Prisoners like Mr. Multanovskiy are helping make the former Soviet bloc home to the world's fastest-growing HIV epidemic, according to a report last year from the United Nations' AIDS program and the World Health Organization. Between 1996 and 2001, the number of registered new HIV infections in Russia annually surged to more than 87,000 from about 1,500.doesn't look good :(
The rapid increase in infections and the huge number of Russians using injection drugs have fueled concern that the country could soon be host to one of the world's worst AIDS crises. But Russia faces an enormous challenge to containing the disease, as harsh drug laws send droves of HIV-positive patients into prisons, where treatment is minimal and the disease spreads through shared needles and sexual contact.
Drug use soared in Russia amid the social disintegration following the collapse of the Soviet Union. Enforcement of harsh drug laws, largely unchanged since Soviet times, has helped flood Russia's jails and prisons with HIV carriers. About a sixth of the country's roughly 195,000 registered people with HIV are currently in jail, and many others who are now free have previously been incarcerated. At Kresty, which had fewer than 10 inmates with HIV in 1997, more than 1,000 have the AIDS virus today, out of a total of about 7,800 prisoners.

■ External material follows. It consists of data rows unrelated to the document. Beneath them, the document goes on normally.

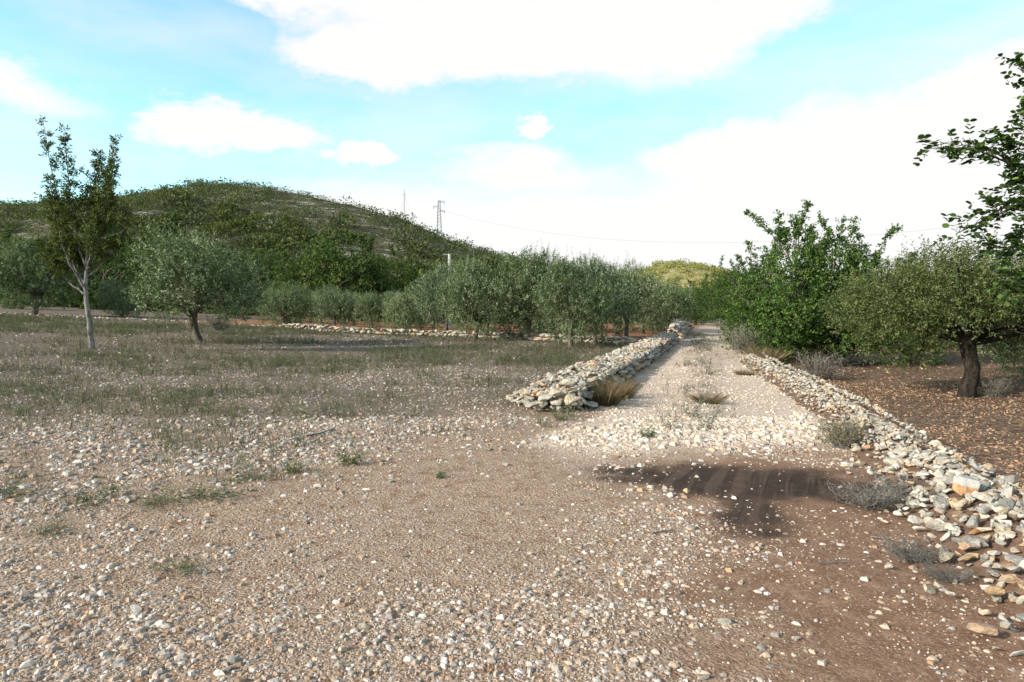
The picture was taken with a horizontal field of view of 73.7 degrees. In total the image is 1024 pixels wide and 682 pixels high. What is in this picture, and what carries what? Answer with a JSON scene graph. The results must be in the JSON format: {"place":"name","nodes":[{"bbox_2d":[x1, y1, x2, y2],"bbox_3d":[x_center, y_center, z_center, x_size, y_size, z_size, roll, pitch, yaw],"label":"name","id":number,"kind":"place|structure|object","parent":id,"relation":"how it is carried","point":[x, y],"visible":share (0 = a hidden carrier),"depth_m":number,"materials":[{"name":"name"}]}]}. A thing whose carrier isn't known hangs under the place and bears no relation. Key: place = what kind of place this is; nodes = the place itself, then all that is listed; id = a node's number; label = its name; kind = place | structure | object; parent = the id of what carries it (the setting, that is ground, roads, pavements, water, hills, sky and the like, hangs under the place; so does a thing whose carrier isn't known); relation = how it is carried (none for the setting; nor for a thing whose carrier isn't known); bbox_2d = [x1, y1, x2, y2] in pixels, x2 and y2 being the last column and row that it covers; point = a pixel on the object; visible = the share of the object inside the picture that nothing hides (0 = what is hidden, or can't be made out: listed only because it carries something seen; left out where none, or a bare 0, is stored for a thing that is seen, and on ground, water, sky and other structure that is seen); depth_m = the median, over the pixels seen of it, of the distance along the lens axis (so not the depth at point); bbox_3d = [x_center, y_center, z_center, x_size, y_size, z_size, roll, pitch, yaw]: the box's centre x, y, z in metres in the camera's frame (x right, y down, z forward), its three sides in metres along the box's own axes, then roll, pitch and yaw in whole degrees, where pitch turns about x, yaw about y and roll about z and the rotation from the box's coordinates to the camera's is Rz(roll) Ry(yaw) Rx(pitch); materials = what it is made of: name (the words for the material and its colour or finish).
{"place":"outdoors","nodes":[
{"label":"outdoors","id":0,"kind":"place"},
{"bbox_2d":[0,184,738,323],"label":"hill","id":1,"kind":"structure","parent":0,"point":[361,222],"depth_m":122.23,"materials":[{"name":"green plant"}]},
{"bbox_2d":[0,217,26,233],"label":"shrub","id":2,"kind":"object","parent":1,"relation":"on","point":[15,226],"visible":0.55,"depth_m":111.64,"materials":[{"name":"green plant"}]},
{"bbox_2d":[36,243,116,300],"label":"wild tree","id":3,"kind":"object","parent":1,"relation":"on","point":[93,264],"visible":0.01,"depth_m":75.53,"materials":[{"name":"green plant"}]},
{"bbox_2d":[59,226,166,310],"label":"wild tree","id":4,"kind":"object","parent":1,"relation":"on","point":[126,270],"visible":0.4,"depth_m":70.24,"materials":[{"name":"green plant"}]},
{"bbox_2d":[113,214,162,227],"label":"shrub","id":5,"kind":"object","parent":1,"relation":"on","point":[139,220],"visible":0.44,"depth_m":107.93,"materials":[{"name":"green plant"}]},
{"bbox_2d":[136,222,185,241],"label":"shrub","id":6,"kind":"object","parent":1,"relation":"on","point":[152,226],"visible":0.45,"depth_m":98.63,"materials":[{"name":"green plant"}]},
{"bbox_2d":[150,212,189,226],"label":"shrub","id":7,"kind":"object","parent":1,"relation":"on","point":[164,218],"visible":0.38,"depth_m":108.29,"materials":[{"name":"green plant"}]},
{"bbox_2d":[156,194,188,207],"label":"shrub","id":8,"kind":"object","parent":1,"relation":"on","point":[166,202],"visible":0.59,"depth_m":118.61,"materials":[{"name":"green plant"}]},
{"bbox_2d":[158,188,189,201],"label":"shrub","id":9,"kind":"object","parent":1,"relation":"on","point":[173,191],"visible":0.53,"depth_m":121.27,"materials":[{"name":"green plant"}]},
{"bbox_2d":[167,201,206,218],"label":"shrub","id":10,"kind":"object","parent":1,"relation":"on","point":[181,208],"visible":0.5,"depth_m":113.28,"materials":[{"name":"green plant"}]},
{"bbox_2d":[178,212,217,227],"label":"shrub","id":11,"kind":"object","parent":1,"relation":"on","point":[191,216],"visible":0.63,"depth_m":108.44,"materials":[{"name":"green plant"}]},
{"bbox_2d":[194,220,235,236],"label":"shrub","id":12,"kind":"object","parent":1,"relation":"on","point":[216,225],"visible":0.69,"depth_m":104.95,"materials":[{"name":"green plant"}]},
{"bbox_2d":[205,199,238,211],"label":"shrub","id":13,"kind":"object","parent":1,"relation":"on","point":[225,204],"visible":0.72,"depth_m":120.36,"materials":[{"name":"green plant"}]},
{"bbox_2d":[209,208,240,222],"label":"shrub","id":14,"kind":"object","parent":1,"relation":"on","point":[224,214],"visible":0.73,"depth_m":112.54,"materials":[{"name":"green plant"}]},
{"bbox_2d":[213,217,254,232],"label":"shrub","id":15,"kind":"object","parent":1,"relation":"on","point":[234,224],"visible":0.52,"depth_m":108.54,"materials":[{"name":"green plant"}]},
{"bbox_2d":[218,217,265,233],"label":"shrub","id":16,"kind":"object","parent":1,"relation":"on","point":[245,225],"visible":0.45,"depth_m":108.58,"materials":[{"name":"green plant"}]},
{"bbox_2d":[228,235,265,248],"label":"shrub","id":17,"kind":"object","parent":1,"relation":"on","point":[250,238],"visible":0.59,"depth_m":98.00,"materials":[{"name":"green plant"}]},
{"bbox_2d":[235,237,287,290],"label":"wild tree","id":18,"kind":"object","parent":1,"relation":"on","point":[263,260],"visible":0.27,"depth_m":79.06,"materials":[{"name":"green plant"}]},
{"bbox_2d":[252,215,289,233],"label":"shrub","id":19,"kind":"object","parent":1,"relation":"on","point":[264,223],"visible":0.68,"depth_m":109.12,"materials":[{"name":"green plant"}]},
{"bbox_2d":[253,233,302,253],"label":"shrub","id":20,"kind":"object","parent":1,"relation":"on","point":[276,241],"visible":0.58,"depth_m":98.71,"materials":[{"name":"green plant"}]},
{"bbox_2d":[261,225,305,240],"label":"shrub","id":21,"kind":"object","parent":1,"relation":"on","point":[283,231],"visible":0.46,"depth_m":106.29,"materials":[{"name":"green plant"}]},
{"bbox_2d":[268,213,301,227],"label":"shrub","id":22,"kind":"object","parent":1,"relation":"on","point":[285,218],"visible":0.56,"depth_m":113.54,"materials":[{"name":"green plant"}]},
{"bbox_2d":[264,243,335,300],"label":"wild tree","id":23,"kind":"object","parent":1,"relation":"on","point":[292,269],"visible":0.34,"depth_m":74.26,"materials":[{"name":"green plant"}]},
{"bbox_2d":[296,229,342,243],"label":"shrub","id":24,"kind":"object","parent":1,"relation":"on","point":[328,233],"visible":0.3,"depth_m":106.86,"materials":[{"name":"green plant"}]},
{"bbox_2d":[320,212,357,228],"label":"shrub","id":25,"kind":"object","parent":1,"relation":"on","point":[340,218],"visible":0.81,"depth_m":119.29,"materials":[{"name":"green plant"}]},
{"bbox_2d":[296,231,399,319],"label":"wild tree","id":26,"kind":"object","parent":1,"relation":"on","point":[335,275],"visible":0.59,"depth_m":69.85,"materials":[{"name":"green plant"}]},
{"bbox_2d":[0,176,727,315],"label":"hillside scrub","id":27,"kind":"object","parent":1,"relation":"on","point":[136,197],"visible":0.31,"depth_m":123.82,"materials":[{"name":"green plant"}]},
{"bbox_2d":[329,232,410,300],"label":"wild tree","id":28,"kind":"object","parent":1,"relation":"on","point":[369,248],"visible":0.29,"depth_m":72.98,"materials":[{"name":"green plant"}]},
{"bbox_2d":[374,243,419,291],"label":"wild tree","id":29,"kind":"object","parent":1,"relation":"on","point":[405,269],"visible":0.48,"depth_m":83.31,"materials":[{"name":"green plant"}]},
{"bbox_2d":[382,227,421,244],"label":"shrub","id":30,"kind":"object","parent":1,"relation":"on","point":[408,234],"visible":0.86,"depth_m":116.13,"materials":[{"name":"green plant"}]},
{"bbox_2d":[394,239,439,257],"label":"shrub","id":31,"kind":"object","parent":1,"relation":"on","point":[414,246],"visible":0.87,"depth_m":110.87,"materials":[{"name":"green plant"}]},
{"bbox_2d":[398,256,438,272],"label":"shrub","id":32,"kind":"object","parent":1,"relation":"on","point":[416,262],"visible":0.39,"depth_m":97.05,"materials":[{"name":"green plant"}]},
{"bbox_2d":[0,304,1023,681],"bbox_3d":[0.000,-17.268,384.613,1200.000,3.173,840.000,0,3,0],"label":"ground","id":33,"kind":"structure","parent":0,"point":[804,486],"depth_m":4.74,"materials":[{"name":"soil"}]},
{"bbox_2d":[0,225,38,287],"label":"wild tree","id":34,"kind":"object","parent":33,"relation":"on","point":[8,235],"visible":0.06,"depth_m":75.46,"materials":[{"name":"green plant"}]},
{"bbox_2d":[0,285,46,308],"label":"olive tree","id":35,"kind":"object","parent":33,"relation":"on","point":[4,306],"visible":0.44,"depth_m":59.05,"materials":[{"name":"green plant"}]},
{"bbox_2d":[0,470,47,500],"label":"weed clump","id":36,"kind":"object","parent":33,"relation":"on","point":[5,491],"visible":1,"depth_m":5.52,"materials":[{"name":"green plant"}]},
{"bbox_2d":[14,512,71,542],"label":"weed clump","id":37,"kind":"object","parent":33,"relation":"on","point":[58,525],"visible":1,"depth_m":4.58,"materials":[{"name":"green plant"}]},
{"bbox_2d":[0,228,92,313],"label":"olive tree","id":38,"kind":"object","parent":33,"relation":"on","point":[10,264],"visible":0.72,"depth_m":47.91,"materials":[{"name":"green plant"}]},
{"bbox_2d":[32,470,131,516],"bbox_3d":[-3.331,1.181,5.263,0.579,0.171,1.218,0,3,-4],"label":"weed clump","id":39,"kind":"object","parent":33,"relation":"on","point":[86,498],"visible":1,"depth_m":5.30,"materials":[{"name":"green plant"}]},
{"bbox_2d":[29,115,136,348],"bbox_3d":[-13.444,-3.426,21.837,3.682,7.562,2.735,0,3,0],"label":"slender tree","id":40,"kind":"object","parent":33,"relation":"on","point":[66,240],"visible":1,"depth_m":21.57,"materials":[{"name":"green plant"}]},
{"bbox_2d":[94,277,147,316],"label":"olive tree","id":41,"kind":"object","parent":33,"relation":"on","point":[115,292],"visible":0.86,"depth_m":51.33,"materials":[{"name":"green plant"}]},
{"bbox_2d":[0,312,277,326],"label":"stone border","id":42,"kind":"object","parent":33,"relation":"on","point":[39,314],"visible":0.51,"depth_m":46.48,"materials":[{"name":"stone"}]},
{"bbox_2d":[123,488,175,512],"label":"weed clump","id":43,"kind":"object","parent":33,"relation":"on","point":[151,503],"visible":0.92,"depth_m":5.23,"materials":[{"name":"green plant"}]},
{"bbox_2d":[137,549,228,575],"bbox_3d":[-1.929,1.275,3.960,0.641,0.090,0.304,1,3,25],"label":"weed clump","id":44,"kind":"object","parent":33,"relation":"on","point":[185,567],"visible":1,"depth_m":3.94,"materials":[{"name":"green plant"}]},
{"bbox_2d":[105,472,274,502],"bbox_3d":[-2.582,1.171,5.444,1.282,0.180,0.609,0,3,-8],"label":"weed clump","id":45,"kind":"object","parent":33,"relation":"on","point":[202,494],"visible":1,"depth_m":5.40,"materials":[{"name":"green plant"}]},
{"bbox_2d":[120,216,274,341],"bbox_3d":[-12.676,-2.479,27.544,5.565,5.476,6.289,-1,3,-27],"label":"olive tree","id":46,"kind":"object","parent":33,"relation":"on","point":[219,266],"visible":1,"depth_m":26.49,"materials":[{"name":"green plant"}]},
{"bbox_2d":[199,311,235,330],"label":"shrub","id":47,"kind":"object","parent":33,"relation":"on","point":[210,318],"visible":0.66,"depth_m":36.89,"materials":[{"name":"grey plant"}]},
{"bbox_2d":[188,463,296,481],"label":"weed clump","id":48,"kind":"object","parent":33,"relation":"on","point":[244,478],"visible":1,"depth_m":5.97,"materials":[{"name":"green plant"}]},
{"bbox_2d":[221,284,267,318],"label":"olive tree","id":49,"kind":"object","parent":33,"relation":"on","point":[254,299],"visible":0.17,"depth_m":59.57,"materials":[{"name":"green plant"}]},
{"bbox_2d":[255,278,314,326],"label":"olive tree","id":50,"kind":"object","parent":33,"relation":"on","point":[281,302],"visible":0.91,"depth_m":46.55,"materials":[{"name":"green plant"}]},
{"bbox_2d":[279,452,312,473],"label":"weed clump","id":51,"kind":"object","parent":33,"relation":"on","point":[288,467],"visible":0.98,"depth_m":6.26,"materials":[{"name":"green plant"}]},
{"bbox_2d":[289,288,331,322],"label":"olive tree","id":52,"kind":"object","parent":33,"relation":"on","point":[311,315],"visible":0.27,"depth_m":57.41,"materials":[{"name":"green plant"}]},
{"bbox_2d":[310,279,357,326],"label":"olive tree","id":53,"kind":"object","parent":33,"relation":"on","point":[338,308],"visible":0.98,"depth_m":44.61,"materials":[{"name":"green plant"}]},
{"bbox_2d":[330,435,374,465],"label":"weed clump","id":54,"kind":"object","parent":33,"relation":"on","point":[349,459],"visible":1,"depth_m":6.58,"materials":[{"name":"green plant"}]},
{"bbox_2d":[0,312,735,484],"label":"field weeds","id":55,"kind":"object","parent":33,"relation":"on","point":[12,320],"visible":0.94,"depth_m":17.40,"materials":[{"name":"green plant"}]},
{"bbox_2d":[353,289,386,331],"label":"olive tree","id":56,"kind":"object","parent":33,"relation":"on","point":[368,306],"visible":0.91,"depth_m":43.48,"materials":[{"name":"green plant"}]},
{"bbox_2d":[380,282,430,332],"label":"olive tree","id":57,"kind":"object","parent":33,"relation":"on","point":[403,312],"visible":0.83,"depth_m":40.35,"materials":[{"name":"green plant"}]},
{"bbox_2d":[409,292,450,329],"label":"olive tree","id":58,"kind":"object","parent":33,"relation":"on","point":[433,325],"visible":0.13,"depth_m":51.40,"materials":[{"name":"green plant"}]},
{"bbox_2d":[407,249,473,333],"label":"olive tree","id":59,"kind":"object","parent":33,"relation":"on","point":[429,290],"visible":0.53,"depth_m":37.74,"materials":[{"name":"green plant"}]},
{"bbox_2d":[279,323,644,344],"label":"boundary wall","id":60,"kind":"structure","parent":33,"relation":"on","point":[414,331],"depth_m":37.61,"materials":[{"name":"stone"}]},
{"bbox_2d":[431,247,512,340],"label":"olive tree","id":61,"kind":"object","parent":33,"relation":"on","point":[457,297],"visible":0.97,"depth_m":32.61,"materials":[{"name":"green plant"}]},
{"bbox_2d":[458,275,520,331],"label":"olive tree","id":62,"kind":"object","parent":33,"relation":"on","point":[466,328],"visible":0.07,"depth_m":46.62,"materials":[{"name":"green plant"}]},
{"bbox_2d":[485,240,572,339],"bbox_3d":[0.988,-2.369,33.385,4.424,5.090,4.560,-2,4,-44],"label":"olive tree","id":63,"kind":"object","parent":33,"relation":"on","point":[526,280],"visible":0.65,"depth_m":32.82,"materials":[{"name":"green plant"}]},
{"bbox_2d":[510,287,589,332],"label":"olive tree","id":64,"kind":"object","parent":33,"relation":"on","point":[534,326],"visible":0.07,"depth_m":44.17,"materials":[{"name":"green plant"}]},
{"bbox_2d":[529,247,615,347],"bbox_3d":[2.308,-1.643,26.501,3.356,4.099,3.542,-1,3,-25],"label":"olive tree","id":65,"kind":"object","parent":33,"relation":"on","point":[579,300],"visible":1,"depth_m":26.06,"materials":[{"name":"green plant"}]},
{"bbox_2d":[153,338,1023,479],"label":"leaf litter","id":66,"kind":"object","parent":33,"relation":"on","point":[875,378],"visible":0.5,"depth_m":16.37,"materials":[{"name":"brown plant"}]},
{"bbox_2d":[506,331,679,411],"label":"drystone wall","id":67,"kind":"structure","parent":33,"relation":"on","point":[629,361],"depth_m":11.96,"materials":[{"name":"stone"}]},
{"bbox_2d":[552,247,641,343],"bbox_3d":[3.481,-1.863,29.567,3.921,4.377,3.805,-2,3,-30],"label":"olive tree","id":68,"kind":"object","parent":33,"relation":"on","point":[599,269],"visible":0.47,"depth_m":29.13,"materials":[{"name":"green plant"}]},
{"bbox_2d":[574,370,643,405],"bbox_3d":[1.440,0.708,10.874,1.476,0.648,1.420,-1,3,-15],"label":"grass tuft","id":69,"kind":"object","parent":33,"relation":"on","point":[607,397],"visible":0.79,"depth_m":10.71,"materials":[{"name":"brown plant"}]},
{"bbox_2d":[597,376,649,398],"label":"grass tuft","id":70,"kind":"object","parent":33,"relation":"on","point":[631,391],"visible":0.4,"depth_m":11.58,"materials":[{"name":"beige plant"}]},
{"bbox_2d":[593,252,664,336],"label":"olive tree","id":71,"kind":"object","parent":33,"relation":"on","point":[639,277],"visible":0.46,"depth_m":36.52,"materials":[{"name":"green plant"}]},
{"bbox_2d":[616,276,674,333],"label":"olive tree","id":72,"kind":"object","parent":33,"relation":"on","point":[658,311],"visible":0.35,"depth_m":42.27,"materials":[{"name":"green plant"}]},
{"bbox_2d":[632,418,659,436],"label":"weed clump","id":73,"kind":"object","parent":33,"relation":"on","point":[649,434],"visible":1,"depth_m":7.90,"materials":[{"name":"green plant"}]},
{"bbox_2d":[637,275,697,331],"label":"olive tree","id":74,"kind":"object","parent":33,"relation":"on","point":[677,299],"visible":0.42,"depth_m":46.96,"materials":[{"name":"green plant"}]},
{"bbox_2d":[650,401,690,429],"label":"weed clump","id":75,"kind":"object","parent":33,"relation":"on","point":[669,415],"visible":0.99,"depth_m":8.36,"materials":[{"name":"green plant"}]},
{"bbox_2d":[667,320,693,338],"bbox_3d":[9.867,-0.732,39.947,1.150,0.941,11.964,1,3,18],"label":"wall remnant","id":76,"kind":"object","parent":33,"relation":"on","point":[681,329],"depth_m":36.38,"materials":[{"name":"stone"}]},
{"bbox_2d":[674,278,714,324],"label":"carob tree","id":77,"kind":"object","parent":33,"relation":"on","point":[697,317],"visible":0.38,"depth_m":65.43,"materials":[{"name":"green plant"}]},
{"bbox_2d":[681,390,716,416],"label":"weed clump","id":78,"kind":"object","parent":33,"relation":"on","point":[693,414],"visible":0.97,"depth_m":9.25,"materials":[{"name":"green plant"}]},
{"bbox_2d":[685,389,734,403],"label":"grass tuft","id":79,"kind":"object","parent":33,"relation":"on","point":[717,398],"visible":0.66,"depth_m":10.82,"materials":[{"name":"beige plant"}]},
{"bbox_2d":[694,402,731,428],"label":"weed clump","id":80,"kind":"object","parent":33,"relation":"on","point":[710,423],"visible":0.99,"depth_m":8.44,"materials":[{"name":"green plant"}]},
{"bbox_2d":[687,255,739,326],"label":"carob tree","id":81,"kind":"object","parent":33,"relation":"on","point":[712,302],"visible":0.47,"depth_m":61.54,"materials":[{"name":"green plant"}]},
{"bbox_2d":[712,319,750,343],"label":"shrub","id":82,"kind":"object","parent":33,"relation":"on","point":[725,329],"visible":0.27,"depth_m":29.99,"materials":[{"name":"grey plant"}]},
{"bbox_2d":[720,325,763,353],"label":"shrub","id":83,"kind":"object","parent":33,"relation":"on","point":[739,345],"visible":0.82,"depth_m":23.44,"materials":[{"name":"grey plant"}]},
{"bbox_2d":[713,254,786,338],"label":"carob tree","id":84,"kind":"object","parent":33,"relation":"on","point":[726,277],"visible":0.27,"depth_m":42.21,"materials":[{"name":"green plant"}]},
{"bbox_2d":[742,340,792,364],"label":"grass tuft","id":85,"kind":"object","parent":33,"relation":"on","point":[775,355],"visible":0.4,"depth_m":19.19,"materials":[{"name":"beige plant"}]},
{"bbox_2d":[718,198,902,364],"bbox_3d":[10.713,-1.463,24.606,6.021,7.005,6.400,0,3,-5],"label":"carob tree","id":86,"kind":"object","parent":33,"relation":"on","point":[793,325],"visible":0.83,"depth_m":23.36,"materials":[{"name":"green plant"}]},
{"bbox_2d":[791,348,848,379],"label":"shrub","id":87,"kind":"object","parent":33,"relation":"on","point":[813,370],"visible":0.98,"depth_m":18.69,"materials":[{"name":"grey plant"}]},
{"bbox_2d":[771,243,896,364],"bbox_3d":[12.086,-1.271,24.955,4.081,4.495,4.047,-1,3,-22],"label":"carob tree","id":88,"kind":"object","parent":33,"relation":"on","point":[854,344],"visible":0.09,"depth_m":24.06,"materials":[{"name":"green plant"}]},
{"bbox_2d":[816,465,922,511],"bbox_3d":[2.770,1.175,5.268,0.753,0.319,0.738,0,3,-3],"label":"shrub","id":89,"kind":"object","parent":33,"relation":"on","point":[871,500],"visible":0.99,"depth_m":5.25,"materials":[{"name":"grey plant"}]},
{"bbox_2d":[738,352,1023,656],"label":"rubble bank","id":90,"kind":"structure","parent":33,"relation":"on","point":[971,517],"depth_m":5.03,"materials":[{"name":"stone"}]},
{"bbox_2d":[812,408,876,448],"bbox_3d":[3.584,0.964,7.437,0.677,0.555,0.652,-1,3,-18],"label":"shrub","id":91,"kind":"object","parent":90,"relation":"on","point":[840,440],"visible":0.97,"depth_m":7.38,"materials":[{"name":"green plant"}]},
{"bbox_2d":[862,458,950,504],"bbox_3d":[3.164,1.165,5.396,0.784,0.339,0.800,2,3,37],"label":"shrub","id":92,"kind":"object","parent":33,"relation":"on","point":[896,487],"visible":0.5,"depth_m":5.47,"materials":[{"name":"grey plant"}]},
{"bbox_2d":[871,522,954,566],"bbox_3d":[2.420,1.263,4.132,0.461,0.200,0.471,2,3,37],"label":"shrub","id":93,"kind":"object","parent":33,"relation":"on","point":[911,555],"visible":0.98,"depth_m":4.13,"materials":[{"name":"grey plant"}]},
{"bbox_2d":[862,251,965,364],"bbox_3d":[14.005,-1.079,24.098,3.885,4.132,3.674,-2,3,-39],"label":"carob tree","id":94,"kind":"object","parent":33,"relation":"on","point":[922,352],"visible":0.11,"depth_m":23.51,"materials":[{"name":"green plant"}]},
{"bbox_2d":[813,224,1023,397],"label":"olive tree","id":95,"kind":"object","parent":33,"relation":"on","point":[913,298],"visible":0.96,"depth_m":14.69,"materials":[{"name":"green plant"}]},
{"bbox_2d":[914,554,976,585],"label":"shrub","id":96,"kind":"object","parent":33,"relation":"on","point":[946,577],"visible":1,"depth_m":3.80,"materials":[{"name":"grey plant"}]},
{"bbox_2d":[913,52,1023,306],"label":"carob tree","id":97,"kind":"object","parent":33,"relation":"on","point":[1014,163],"visible":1,"depth_m":5.14,"materials":[{"name":"green plant"}]},
{"bbox_2d":[956,280,1023,379],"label":"olive tree","id":98,"kind":"object","parent":33,"relation":"on","point":[999,359],"visible":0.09,"depth_m":19.57,"materials":[{"name":"green plant"}]},
{"bbox_2d":[977,371,1018,397],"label":"shrub","id":99,"kind":"object","parent":33,"relation":"on","point":[985,388],"visible":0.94,"depth_m":14.94,"materials":[{"name":"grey plant"}]},
{"bbox_2d":[0,0,1023,305],"label":"sky","id":100,"kind":"structure","parent":0,"point":[659,122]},
{"bbox_2d":[641,263,735,296],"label":"distant hill","id":101,"kind":"structure","parent":0,"point":[673,271],"depth_m":244.88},
{"bbox_2d":[627,258,764,295],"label":"distant scrub","id":102,"kind":"object","parent":101,"relation":"on","point":[700,265],"visible":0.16,"depth_m":252.58,"materials":[{"name":"green plant"}]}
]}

HIV prevalence is far higher in prisons than in the general population, but health officials fear the figures are poised to rise both inside and outside prison. Russia's drug users number as high as four million of the country's 145 million people, according to some estimates. Intravenous drug use is the principal source of HIV infection in the country. Draconian drug statutes mean possession of even a minute amount of heroin can bring years behind bars. With the prevalence of needle-sharing in prison and the tendency of drug users to be jailed more than once, some experts project ever-rising infection rates across Russia through infected drug users moving in and out of prison.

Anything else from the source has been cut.